France

Covid : tests aux frontières, fin des prisons et couvre-feux… qu’y a-t-il dans la facture sanitaire ?

Ce lundi 25 juillet, l’Assemblée nationale a approuvé le projet de loi santé, lundi 25 juillet, dans une version issue d’un accord avec le Sénat en commission paritaire paritaire.

Il a fallu des débats houleux, mais c’est à peu près tout. L’Assemblée nationale a finalement voté ce lundi après-midi sur le projet de loi Covid avec 184 voix “pour” et 149 “contre”. Après une visite au Sénat, un accord sur un nouveau texte a été trouvé entre les deux chambres en commission mixte (CMP), a indiqué franceinfo.

Le projet de loi “mettant fin aux régimes d’urgence instaurés pour lutter contre l’épidémie liée au Covid‑19” a été adopté par 184 voix contre 149. Le texte, fruit d’un compromis entre parlementaires, doit désormais être définitivement adopté par le Sénat demain. #DirectAN #Covid19 pic.twitter.com/ZVGPjMARGx

– LCP (@LCP) 25 juillet 2022

Sortir du pass santé

Dans le nouveau projet de loi, il sera possible pour le gouvernement, en cas d’apparition d’une nouvelle variante alarmante, de ne pas exiger la carte sanitaire (qui inclut la vaccination) aux frontières françaises, mais un “simple” test négatif, rappelle Informations TF1.

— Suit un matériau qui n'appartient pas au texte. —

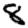
Digit: 8
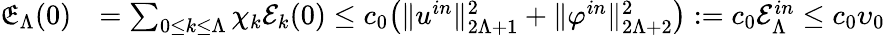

Une mesure qui s’applique également aux passagers voyageant entre l’outre-mer et la France métropolitaine. Le gouvernement pourra mettre en place ce contrôle sanitaire par décret dans deux mois, au lieu du mois initialement prévu par le Sénat. De plus, un vote au parlement sera nécessaire.

…et les confinements et les couvre-feux

Le texte abroge formellement au 1er août la partie du code de la santé publique liée à l’urgence sanitaire, ainsi que le dispositif de gestion de crise sanitaire, marquant un retour au droit commun.

Les mesures de limitation de la vie quotidienne prévues dans ces régimes – carnet de santé, port obligatoire du masque, isolement, couvre-feu, etc. ne peut pas être récupéré.

Vers la réinsertion des soignants non vaccinés

C’est un sujet qui divise : la question de la réinsertion des soignants non vaccinés, alors que diverses autorités scientifiques oscillent entre réticences et “fortes oppositions” à une telle éventualité.

L’obligation de vacciner les soignants sera levée dès que la Haute Autorité de santé estimera qu’elle n’est plus justifiée, et les soignants non vaccinés seront “immédiatement réintégrés”.

Enfin, le texte permet la prolongation des outils de surveillance de l’épidémie SI-DEP jusqu’au 30 juin 2023, et du contact Covid jusqu’au 31 janvier 2023.

Cette version, désormais validée par l’Assemblée nationale, doit être définitivement approuvée ce mardi 26 juillet par les sénateurs.